▸ WHAT NEEDS TO BE DONE
Give back every entry precisely as written, without any of the images.

▸ SUPPLIED DATA
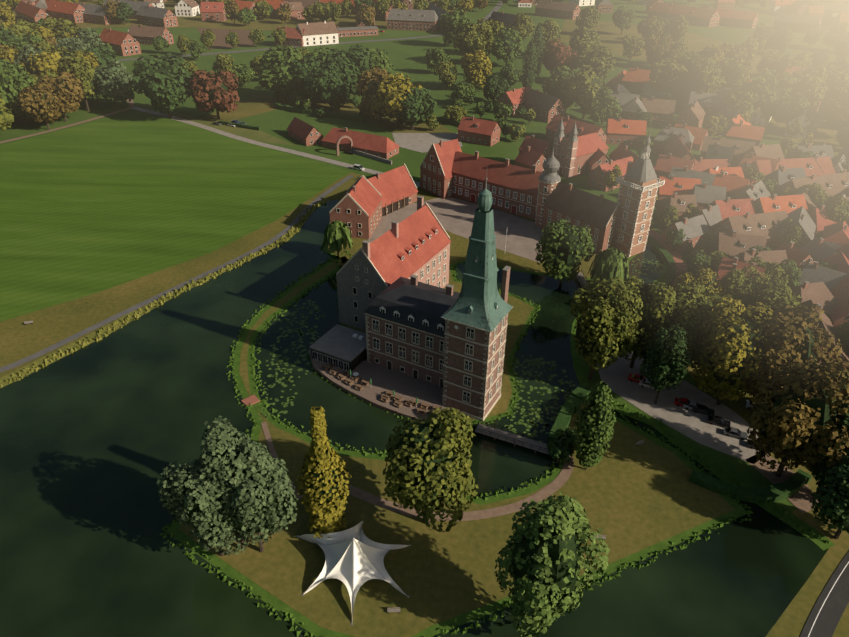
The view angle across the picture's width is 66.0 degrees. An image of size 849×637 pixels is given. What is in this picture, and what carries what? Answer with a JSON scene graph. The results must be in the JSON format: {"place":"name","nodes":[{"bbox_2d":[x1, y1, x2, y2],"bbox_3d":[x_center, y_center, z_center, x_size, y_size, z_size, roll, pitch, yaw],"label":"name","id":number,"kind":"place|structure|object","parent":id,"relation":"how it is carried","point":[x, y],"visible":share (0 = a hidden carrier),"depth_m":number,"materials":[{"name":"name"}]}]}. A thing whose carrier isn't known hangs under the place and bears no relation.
{"place":"outdoors","nodes":[
{"label":"outdoors","id":0,"kind":"place"},
{"bbox_2d":[0,0,848,636],"bbox_3d":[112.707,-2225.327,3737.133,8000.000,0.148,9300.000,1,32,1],"label":"terrain","id":1,"kind":"structure","parent":0,"point":[110,212],"depth_m":141.97,"materials":[{"name":"green plant"}]},
{"bbox_2d":[24,234,644,613],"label":"furniture","id":2,"kind":"object","parent":1,"relation":"on","point":[254,399],"depth_m":143.21,"materials":[{"name":"brown wood"}]},
{"bbox_2d":[297,521,410,624],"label":"tent","id":3,"kind":"object","parent":1,"relation":"on","point":[354,557],"depth_m":104.78,"materials":[{"name":"grey fabric"}]},
{"bbox_2d":[336,135,391,164],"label":"gateway","id":4,"kind":"object","parent":1,"relation":"on","point":[374,157],"depth_m":284.84,"materials":[{"name":"brick"}]},
{"bbox_2d":[309,196,512,423],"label":"castle","id":5,"kind":"structure","parent":1,"relation":"on","point":[396,301],"depth_m":147.87,"materials":[{"name":"brick"}]},
{"bbox_2d":[442,173,512,331],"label":"spire","id":6,"kind":"structure","parent":5,"relation":"on","point":[480,303],"depth_m":125.85,"materials":[{"name":"green metal"}]},
{"bbox_2d":[0,201,831,636],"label":"bank grass","id":7,"kind":"structure","parent":1,"relation":"on","point":[364,453],"depth_m":138.32,"materials":[{"name":"green plant"}]},
{"bbox_2d":[0,5,848,636],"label":"trees","id":8,"kind":"object","parent":1,"relation":"on","point":[730,333],"depth_m":139.99,"materials":[{"name":"green plant"}]},
{"bbox_2d":[0,0,848,303],"bbox_3d":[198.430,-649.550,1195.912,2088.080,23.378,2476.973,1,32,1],"label":"trees","id":9,"kind":"object","parent":1,"relation":"on","point":[656,50],"depth_m":440.11,"materials":[{"name":"green plant"}]},
{"bbox_2d":[14,0,848,371],"bbox_3d":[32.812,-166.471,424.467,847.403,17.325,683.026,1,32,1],"label":"village","id":10,"kind":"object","parent":1,"relation":"on","point":[738,226],"depth_m":292.25,"materials":[{"name":"tile"}]},
{"bbox_2d":[251,259,664,442],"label":"lily pads","id":11,"kind":"object","parent":1,"relation":"on","point":[520,421],"depth_m":151.79,"materials":[{"name":"green plant"}]},
{"bbox_2d":[212,30,771,452],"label":"cars","id":12,"kind":"object","parent":1,"relation":"on","point":[712,418],"depth_m":142.26,"materials":[{"name":"red"}]},
{"bbox_2d":[329,119,664,256],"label":"outer castle buildings","id":13,"kind":"structure","parent":1,"relation":"on","point":[364,205],"depth_m":223.09,"materials":[{"name":"red brick"}]},
{"bbox_2d":[219,103,811,502],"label":"hedges","id":14,"kind":"object","parent":1,"relation":"on","point":[793,484],"depth_m":132.92,"materials":[{"name":"green plant"}]},
{"bbox_2d":[0,0,848,636],"bbox_3d":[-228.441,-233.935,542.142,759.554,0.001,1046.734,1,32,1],"label":"ground","id":15,"kind":"structure","parent":0,"point":[792,620],"depth_m":318.34,"materials":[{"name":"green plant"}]},
{"bbox_2d":[21,0,848,289],"bbox_3d":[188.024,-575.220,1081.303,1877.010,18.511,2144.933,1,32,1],"label":"houses","id":16,"kind":"structure","parent":0,"point":[808,217],"depth_m":270.14,"materials":[{"name":"red tile"}]},
{"bbox_2d":[475,269,589,454],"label":"bridges","id":17,"kind":"structure","parent":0,"point":[522,441],"depth_m":133.42,"materials":[{"name":"grey wood"}]},
{"bbox_2d":[724,0,848,98],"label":"sun glare","id":18,"kind":"object","parent":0,"point":[806,42],"visible":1,"depth_m":0.99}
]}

▸ REPLY TO THE TASK
The view angle across the picture's width is 66.0 degrees. An image of size 849×637 pixels is given. What is in this picture, and what carries what? Answer with a JSON scene graph. The results must be in the JSON format: {"place":"name","nodes":[{"bbox_2d":[x1, y1, x2, y2],"bbox_3d":[x_center, y_center, z_center, x_size, y_size, z_size, roll, pitch, yaw],"label":"name","id":number,"kind":"place|structure|object","parent":id,"relation":"how it is carried","point":[x, y],"visible":share (0 = a hidden carrier),"depth_m":number,"materials":[{"name":"name"}]}]}. A thing whose carrier isn't known hangs under the place and bears no relation.
{"place":"outdoors","nodes":[
{"label":"outdoors","id":0,"kind":"place"},
{"bbox_2d":[0,0,848,636],"bbox_3d":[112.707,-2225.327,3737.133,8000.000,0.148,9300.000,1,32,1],"label":"terrain","id":1,"kind":"structure","parent":0,"point":[110,212],"depth_m":141.97,"materials":[{"name":"green plant"}]},
{"bbox_2d":[24,234,644,613],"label":"furniture","id":2,"kind":"object","parent":1,"relation":"on","point":[254,399],"depth_m":143.21,"materials":[{"name":"brown wood"}]},
{"bbox_2d":[297,521,410,624],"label":"tent","id":3,"kind":"object","parent":1,"relation":"on","point":[354,557],"depth_m":104.78,"materials":[{"name":"grey fabric"}]},
{"bbox_2d":[336,135,391,164],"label":"gateway","id":4,"kind":"object","parent":1,"relation":"on","point":[374,157],"depth_m":284.84,"materials":[{"name":"brick"}]},
{"bbox_2d":[309,196,512,423],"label":"castle","id":5,"kind":"structure","parent":1,"relation":"on","point":[396,301],"depth_m":147.87,"materials":[{"name":"brick"}]},
{"bbox_2d":[442,173,512,331],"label":"spire","id":6,"kind":"structure","parent":5,"relation":"on","point":[480,303],"depth_m":125.85,"materials":[{"name":"green metal"}]},
{"bbox_2d":[0,201,831,636],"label":"bank grass","id":7,"kind":"structure","parent":1,"relation":"on","point":[364,453],"depth_m":138.32,"materials":[{"name":"green plant"}]},
{"bbox_2d":[0,5,848,636],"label":"trees","id":8,"kind":"object","parent":1,"relation":"on","point":[730,333],"depth_m":139.99,"materials":[{"name":"green plant"}]},
{"bbox_2d":[0,0,848,303],"bbox_3d":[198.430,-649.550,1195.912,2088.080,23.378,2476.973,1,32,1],"label":"trees","id":9,"kind":"object","parent":1,"relation":"on","point":[656,50],"depth_m":440.11,"materials":[{"name":"green plant"}]},
{"bbox_2d":[14,0,848,371],"bbox_3d":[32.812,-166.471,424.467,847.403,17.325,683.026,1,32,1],"label":"village","id":10,"kind":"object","parent":1,"relation":"on","point":[738,226],"depth_m":292.25,"materials":[{"name":"tile"}]},
{"bbox_2d":[251,259,664,442],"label":"lily pads","id":11,"kind":"object","parent":1,"relation":"on","point":[520,421],"depth_m":151.79,"materials":[{"name":"green plant"}]},
{"bbox_2d":[212,30,771,452],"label":"cars","id":12,"kind":"object","parent":1,"relation":"on","point":[712,418],"depth_m":142.26,"materials":[{"name":"red"}]},
{"bbox_2d":[329,119,664,256],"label":"outer castle buildings","id":13,"kind":"structure","parent":1,"relation":"on","point":[364,205],"depth_m":223.09,"materials":[{"name":"red brick"}]},
{"bbox_2d":[219,103,811,502],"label":"hedges","id":14,"kind":"object","parent":1,"relation":"on","point":[793,484],"depth_m":132.92,"materials":[{"name":"green plant"}]},
{"bbox_2d":[0,0,848,636],"bbox_3d":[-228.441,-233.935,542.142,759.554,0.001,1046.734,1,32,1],"label":"ground","id":15,"kind":"structure","parent":0,"point":[792,620],"depth_m":318.34,"materials":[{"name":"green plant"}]},
{"bbox_2d":[21,0,848,289],"bbox_3d":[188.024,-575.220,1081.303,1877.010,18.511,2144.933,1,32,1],"label":"houses","id":16,"kind":"structure","parent":0,"point":[808,217],"depth_m":270.14,"materials":[{"name":"red tile"}]},
{"bbox_2d":[475,269,589,454],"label":"bridges","id":17,"kind":"structure","parent":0,"point":[522,441],"depth_m":133.42,"materials":[{"name":"grey wood"}]},
{"bbox_2d":[724,0,848,98],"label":"sun glare","id":18,"kind":"object","parent":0,"point":[806,42],"visible":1,"depth_m":0.99}
]}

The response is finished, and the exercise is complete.